§ What is needed
All of the entries below need to be repeated exactly.

§ Stored data
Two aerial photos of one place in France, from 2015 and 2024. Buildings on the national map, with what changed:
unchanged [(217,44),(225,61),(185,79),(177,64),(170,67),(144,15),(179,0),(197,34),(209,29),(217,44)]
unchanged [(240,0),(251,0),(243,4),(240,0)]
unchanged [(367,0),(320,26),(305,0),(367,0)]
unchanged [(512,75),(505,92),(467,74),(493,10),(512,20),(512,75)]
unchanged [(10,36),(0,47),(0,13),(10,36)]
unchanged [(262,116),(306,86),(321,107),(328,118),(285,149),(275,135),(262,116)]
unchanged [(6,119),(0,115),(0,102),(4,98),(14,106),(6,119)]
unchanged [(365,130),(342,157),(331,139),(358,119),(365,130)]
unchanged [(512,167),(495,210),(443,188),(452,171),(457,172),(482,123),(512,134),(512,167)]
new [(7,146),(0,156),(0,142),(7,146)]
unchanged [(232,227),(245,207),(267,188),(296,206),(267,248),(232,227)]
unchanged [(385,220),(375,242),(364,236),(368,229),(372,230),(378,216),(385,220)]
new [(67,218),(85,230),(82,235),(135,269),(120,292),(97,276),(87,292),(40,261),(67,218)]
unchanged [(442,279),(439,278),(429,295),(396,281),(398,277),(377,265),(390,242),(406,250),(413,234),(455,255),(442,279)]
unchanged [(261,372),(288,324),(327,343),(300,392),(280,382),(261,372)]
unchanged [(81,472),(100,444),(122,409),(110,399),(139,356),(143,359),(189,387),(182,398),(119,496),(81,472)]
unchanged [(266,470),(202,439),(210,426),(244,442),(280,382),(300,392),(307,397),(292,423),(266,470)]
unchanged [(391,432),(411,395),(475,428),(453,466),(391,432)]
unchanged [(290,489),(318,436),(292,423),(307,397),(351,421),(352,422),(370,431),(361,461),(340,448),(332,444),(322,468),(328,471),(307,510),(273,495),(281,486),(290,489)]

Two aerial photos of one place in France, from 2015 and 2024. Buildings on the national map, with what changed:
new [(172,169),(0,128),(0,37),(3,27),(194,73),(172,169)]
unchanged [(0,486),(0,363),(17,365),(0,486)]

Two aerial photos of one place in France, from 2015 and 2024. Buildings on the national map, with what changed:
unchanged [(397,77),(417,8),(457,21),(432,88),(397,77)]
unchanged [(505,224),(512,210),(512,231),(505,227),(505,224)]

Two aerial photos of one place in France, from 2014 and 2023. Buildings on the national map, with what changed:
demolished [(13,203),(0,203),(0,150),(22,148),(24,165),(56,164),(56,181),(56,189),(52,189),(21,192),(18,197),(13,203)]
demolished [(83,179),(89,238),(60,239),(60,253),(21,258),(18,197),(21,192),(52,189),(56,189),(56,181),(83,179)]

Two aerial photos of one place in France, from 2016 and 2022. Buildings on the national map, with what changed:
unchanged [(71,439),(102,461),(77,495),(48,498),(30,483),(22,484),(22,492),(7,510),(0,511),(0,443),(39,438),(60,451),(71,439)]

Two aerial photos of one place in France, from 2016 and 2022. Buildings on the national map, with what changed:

§ Response to this exercise
Two aerial photos of one place in France, from 2015 and 2024. Buildings on the national map, with what changed:
unchanged [(217,44),(225,61),(185,79),(177,64),(170,67),(144,15),(179,0),(197,34),(209,29),(217,44)]
unchanged [(240,0),(251,0),(243,4),(240,0)]
unchanged [(367,0),(320,26),(305,0),(367,0)]
unchanged [(512,75),(505,92),(467,74),(493,10),(512,20),(512,75)]
unchanged [(10,36),(0,47),(0,13),(10,36)]
unchanged [(262,116),(306,86),(321,107),(328,118),(285,149),(275,135),(262,116)]
unchanged [(6,119),(0,115),(0,102),(4,98),(14,106),(6,119)]
unchanged [(365,130),(342,157),(331,139),(358,119),(365,130)]
unchanged [(512,167),(495,210),(443,188),(452,171),(457,172),(482,123),(512,134),(512,167)]
new [(7,146),(0,156),(0,142),(7,146)]
unchanged [(232,227),(245,207),(267,188),(296,206),(267,248),(232,227)]
unchanged [(385,220),(375,242),(364,236),(368,229),(372,230),(378,216),(385,220)]
new [(67,218),(85,230),(82,235),(135,269),(120,292),(97,276),(87,292),(40,261),(67,218)]
unchanged [(442,279),(439,278),(429,295),(396,281),(398,277),(377,265),(390,242),(406,250),(413,234),(455,255),(442,279)]
unchanged [(261,372),(288,324),(327,343),(300,392),(280,382),(261,372)]
unchanged [(81,472),(100,444),(122,409),(110,399),(139,356),(143,359),(189,387),(182,398),(119,496),(81,472)]
unchanged [(266,470),(202,439),(210,426),(244,442),(280,382),(300,392),(307,397),(292,423),(266,470)]
unchanged [(391,432),(411,395),(475,428),(453,466),(391,432)]
unchanged [(290,489),(318,436),(292,423),(307,397),(351,421),(352,422),(370,431),(361,461),(340,448),(332,444),(322,468),(328,471),(307,510),(273,495),(281,486),(290,489)]

Two aerial photos of one place in France, from 2015 and 2024. Buildings on the national map, with what changed:
new [(172,169),(0,128),(0,37),(3,27),(194,73),(172,169)]
unchanged [(0,486),(0,363),(17,365),(0,486)]

Two aerial photos of one place in France, from 2015 and 2024. Buildings on the national map, with what changed:
unchanged [(397,77),(417,8),(457,21),(432,88),(397,77)]
unchanged [(505,224),(512,210),(512,231),(505,227),(505,224)]

Two aerial photos of one place in France, from 2014 and 2023. Buildings on the national map, with what changed:
demolished [(13,203),(0,203),(0,150),(22,148),(24,165),(56,164),(56,181),(56,189),(52,189),(21,192),(18,197),(13,203)]
demolished [(83,179),(89,238),(60,239),(60,253),(21,258),(18,197),(21,192),(52,189),(56,189),(56,181),(83,179)]

Two aerial photos of one place in France, from 2016 and 2022. Buildings on the national map, with what changed:
unchanged [(71,439),(102,461),(77,495),(48,498),(30,483),(22,484),(22,492),(7,510),(0,511),(0,443),(39,438),(60,451),(71,439)]

Two aerial photos of one place in France, from 2016 and 2022. Buildings on the national map, with what changed:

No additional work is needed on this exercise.